2021-12-18T19:55:07.626032036Z time="2021-12-18T19:55:07Z" level=error msg="getServerChecksum batchInterval:[  719072:  719104]( 32) failed, err: getChecksum failed, err: Get \"http://10.42.2.115:10186/v1-ssync/getChecksum?begin=2945318912&end=2945449984\": context deadline exceeded (Client.Timeout exceeded while awaiting headers)"

But finally, the rebuilding succeeded, the volume should work fine.

shuo-wu commented 2 years ago

@joshimoo @innobead @yasker Do we need to refactor/improve the rebuilding progress for this kind of case?

joshimoo commented 2 years ago

I agree a refactor for our progress tracking in general would be nice to have.

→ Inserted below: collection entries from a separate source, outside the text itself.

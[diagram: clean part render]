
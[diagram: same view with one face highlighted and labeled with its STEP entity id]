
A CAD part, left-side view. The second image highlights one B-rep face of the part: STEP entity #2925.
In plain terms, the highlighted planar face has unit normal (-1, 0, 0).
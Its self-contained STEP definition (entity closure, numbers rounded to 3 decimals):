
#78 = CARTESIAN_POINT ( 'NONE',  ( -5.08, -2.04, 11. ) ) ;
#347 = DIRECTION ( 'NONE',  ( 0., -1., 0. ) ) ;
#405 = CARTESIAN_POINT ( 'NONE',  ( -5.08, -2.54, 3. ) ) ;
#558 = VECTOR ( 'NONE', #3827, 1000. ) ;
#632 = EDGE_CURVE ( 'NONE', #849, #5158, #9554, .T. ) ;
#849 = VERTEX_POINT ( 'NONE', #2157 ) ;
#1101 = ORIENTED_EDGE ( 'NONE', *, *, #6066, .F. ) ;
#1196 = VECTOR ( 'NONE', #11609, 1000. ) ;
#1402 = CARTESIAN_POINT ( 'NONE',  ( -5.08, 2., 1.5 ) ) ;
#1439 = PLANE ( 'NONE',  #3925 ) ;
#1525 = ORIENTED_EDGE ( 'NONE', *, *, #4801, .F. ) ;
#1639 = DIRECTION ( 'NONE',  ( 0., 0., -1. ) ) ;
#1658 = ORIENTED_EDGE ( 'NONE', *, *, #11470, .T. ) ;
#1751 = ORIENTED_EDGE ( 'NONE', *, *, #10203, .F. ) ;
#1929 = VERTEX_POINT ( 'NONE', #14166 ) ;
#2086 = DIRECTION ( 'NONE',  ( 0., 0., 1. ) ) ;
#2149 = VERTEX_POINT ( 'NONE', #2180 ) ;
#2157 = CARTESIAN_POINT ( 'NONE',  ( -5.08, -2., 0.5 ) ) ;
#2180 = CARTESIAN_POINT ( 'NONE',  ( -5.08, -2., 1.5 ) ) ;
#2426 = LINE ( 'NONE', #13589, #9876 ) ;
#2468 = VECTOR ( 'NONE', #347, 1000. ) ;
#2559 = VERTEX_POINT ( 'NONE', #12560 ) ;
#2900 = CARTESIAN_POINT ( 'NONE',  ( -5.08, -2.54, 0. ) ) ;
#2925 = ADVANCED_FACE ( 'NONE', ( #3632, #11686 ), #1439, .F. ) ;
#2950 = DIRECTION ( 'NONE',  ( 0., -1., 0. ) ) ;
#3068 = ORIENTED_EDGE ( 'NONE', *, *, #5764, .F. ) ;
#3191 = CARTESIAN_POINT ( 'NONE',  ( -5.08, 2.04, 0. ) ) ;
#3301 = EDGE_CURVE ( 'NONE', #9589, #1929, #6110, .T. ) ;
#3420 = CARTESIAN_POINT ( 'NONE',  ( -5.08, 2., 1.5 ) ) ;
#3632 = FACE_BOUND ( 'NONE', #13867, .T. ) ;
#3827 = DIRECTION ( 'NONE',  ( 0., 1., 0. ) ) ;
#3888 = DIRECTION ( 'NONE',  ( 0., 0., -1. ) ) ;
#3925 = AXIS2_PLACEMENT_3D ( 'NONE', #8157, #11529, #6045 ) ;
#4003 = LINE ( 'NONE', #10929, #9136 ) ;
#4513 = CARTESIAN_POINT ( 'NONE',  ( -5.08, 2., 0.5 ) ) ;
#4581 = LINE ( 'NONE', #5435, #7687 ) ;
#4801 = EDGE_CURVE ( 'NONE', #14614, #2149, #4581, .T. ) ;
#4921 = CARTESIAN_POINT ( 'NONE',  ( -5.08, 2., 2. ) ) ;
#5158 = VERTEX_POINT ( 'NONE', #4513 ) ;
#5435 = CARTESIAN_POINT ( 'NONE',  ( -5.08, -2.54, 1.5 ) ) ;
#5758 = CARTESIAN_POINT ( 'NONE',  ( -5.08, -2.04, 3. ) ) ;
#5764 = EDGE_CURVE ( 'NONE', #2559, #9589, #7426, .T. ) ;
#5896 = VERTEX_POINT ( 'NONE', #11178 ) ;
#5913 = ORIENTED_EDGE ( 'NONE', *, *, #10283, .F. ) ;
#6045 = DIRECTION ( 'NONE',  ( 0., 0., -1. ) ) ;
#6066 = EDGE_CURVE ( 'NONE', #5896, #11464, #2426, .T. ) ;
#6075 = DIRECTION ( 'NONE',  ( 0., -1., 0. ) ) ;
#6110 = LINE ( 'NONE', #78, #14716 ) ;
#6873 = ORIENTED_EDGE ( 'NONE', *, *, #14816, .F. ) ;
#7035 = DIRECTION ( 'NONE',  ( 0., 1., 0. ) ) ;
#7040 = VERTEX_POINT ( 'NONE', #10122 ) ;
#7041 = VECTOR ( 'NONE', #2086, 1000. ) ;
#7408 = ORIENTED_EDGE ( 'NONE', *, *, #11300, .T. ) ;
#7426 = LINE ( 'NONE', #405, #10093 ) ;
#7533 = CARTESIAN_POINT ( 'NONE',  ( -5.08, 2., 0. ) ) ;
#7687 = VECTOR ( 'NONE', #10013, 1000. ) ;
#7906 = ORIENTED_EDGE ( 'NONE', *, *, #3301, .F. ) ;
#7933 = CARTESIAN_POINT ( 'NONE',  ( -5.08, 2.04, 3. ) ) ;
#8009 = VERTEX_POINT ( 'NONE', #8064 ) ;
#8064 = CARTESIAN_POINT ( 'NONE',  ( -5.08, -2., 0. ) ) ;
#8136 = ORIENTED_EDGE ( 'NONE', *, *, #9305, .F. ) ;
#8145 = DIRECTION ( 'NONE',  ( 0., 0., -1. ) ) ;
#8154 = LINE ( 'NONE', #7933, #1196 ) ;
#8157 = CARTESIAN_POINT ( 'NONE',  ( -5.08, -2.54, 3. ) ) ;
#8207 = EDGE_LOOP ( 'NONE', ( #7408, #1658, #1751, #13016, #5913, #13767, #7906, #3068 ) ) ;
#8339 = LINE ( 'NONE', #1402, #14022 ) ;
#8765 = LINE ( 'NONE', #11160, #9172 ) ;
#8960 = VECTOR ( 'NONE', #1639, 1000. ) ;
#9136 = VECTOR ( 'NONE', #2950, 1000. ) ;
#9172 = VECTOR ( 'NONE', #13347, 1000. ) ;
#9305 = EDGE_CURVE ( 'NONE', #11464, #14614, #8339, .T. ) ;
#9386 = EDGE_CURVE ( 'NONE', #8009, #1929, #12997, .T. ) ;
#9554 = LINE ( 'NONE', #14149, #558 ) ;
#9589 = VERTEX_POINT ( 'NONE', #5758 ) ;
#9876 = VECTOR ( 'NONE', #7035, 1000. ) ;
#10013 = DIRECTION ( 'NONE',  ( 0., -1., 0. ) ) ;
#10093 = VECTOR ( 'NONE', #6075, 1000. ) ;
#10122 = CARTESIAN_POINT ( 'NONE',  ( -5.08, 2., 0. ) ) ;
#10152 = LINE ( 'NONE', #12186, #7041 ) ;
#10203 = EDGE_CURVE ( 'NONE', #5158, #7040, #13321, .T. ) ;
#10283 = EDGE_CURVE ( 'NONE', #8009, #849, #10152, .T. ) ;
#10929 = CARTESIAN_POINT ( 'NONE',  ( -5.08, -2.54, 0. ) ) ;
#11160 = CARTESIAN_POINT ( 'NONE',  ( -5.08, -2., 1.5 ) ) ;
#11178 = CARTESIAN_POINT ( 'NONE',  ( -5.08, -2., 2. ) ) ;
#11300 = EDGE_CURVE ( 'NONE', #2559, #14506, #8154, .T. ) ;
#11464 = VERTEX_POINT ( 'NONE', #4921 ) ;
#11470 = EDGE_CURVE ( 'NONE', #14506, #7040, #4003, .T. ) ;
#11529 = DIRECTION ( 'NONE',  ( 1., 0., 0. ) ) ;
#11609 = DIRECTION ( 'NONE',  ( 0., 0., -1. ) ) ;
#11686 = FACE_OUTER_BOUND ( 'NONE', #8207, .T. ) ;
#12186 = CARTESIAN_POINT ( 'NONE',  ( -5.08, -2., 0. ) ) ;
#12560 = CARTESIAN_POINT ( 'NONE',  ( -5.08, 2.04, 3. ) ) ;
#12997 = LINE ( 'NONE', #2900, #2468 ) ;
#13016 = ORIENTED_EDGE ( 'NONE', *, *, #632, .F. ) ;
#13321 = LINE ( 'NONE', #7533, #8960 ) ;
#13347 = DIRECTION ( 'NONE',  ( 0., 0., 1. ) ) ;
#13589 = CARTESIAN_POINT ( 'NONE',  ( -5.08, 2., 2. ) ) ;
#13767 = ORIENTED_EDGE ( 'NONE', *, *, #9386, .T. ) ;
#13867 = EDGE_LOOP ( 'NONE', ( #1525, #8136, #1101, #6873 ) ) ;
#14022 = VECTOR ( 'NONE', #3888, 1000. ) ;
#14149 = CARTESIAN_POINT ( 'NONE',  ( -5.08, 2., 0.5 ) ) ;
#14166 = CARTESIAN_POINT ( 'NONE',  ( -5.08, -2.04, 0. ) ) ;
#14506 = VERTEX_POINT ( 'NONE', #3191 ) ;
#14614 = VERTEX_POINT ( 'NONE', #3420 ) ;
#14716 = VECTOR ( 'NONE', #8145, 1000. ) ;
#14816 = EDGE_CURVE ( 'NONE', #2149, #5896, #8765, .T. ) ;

Good job on the investigation we should also evaluate our timeout handling/strategy.

I previously mentioned that I don't really like the way we calculate the progress for some operations (snapshot stuff), since the progress calculation shouldn't require counting instead we know bytePosition and maxPosition. So no counting should be needed, this would also fix the above issue where we double count N bytes.

innobead commented 2 years ago

Because it’s finally working, I would say this is low priority but we definitely need to fix it later.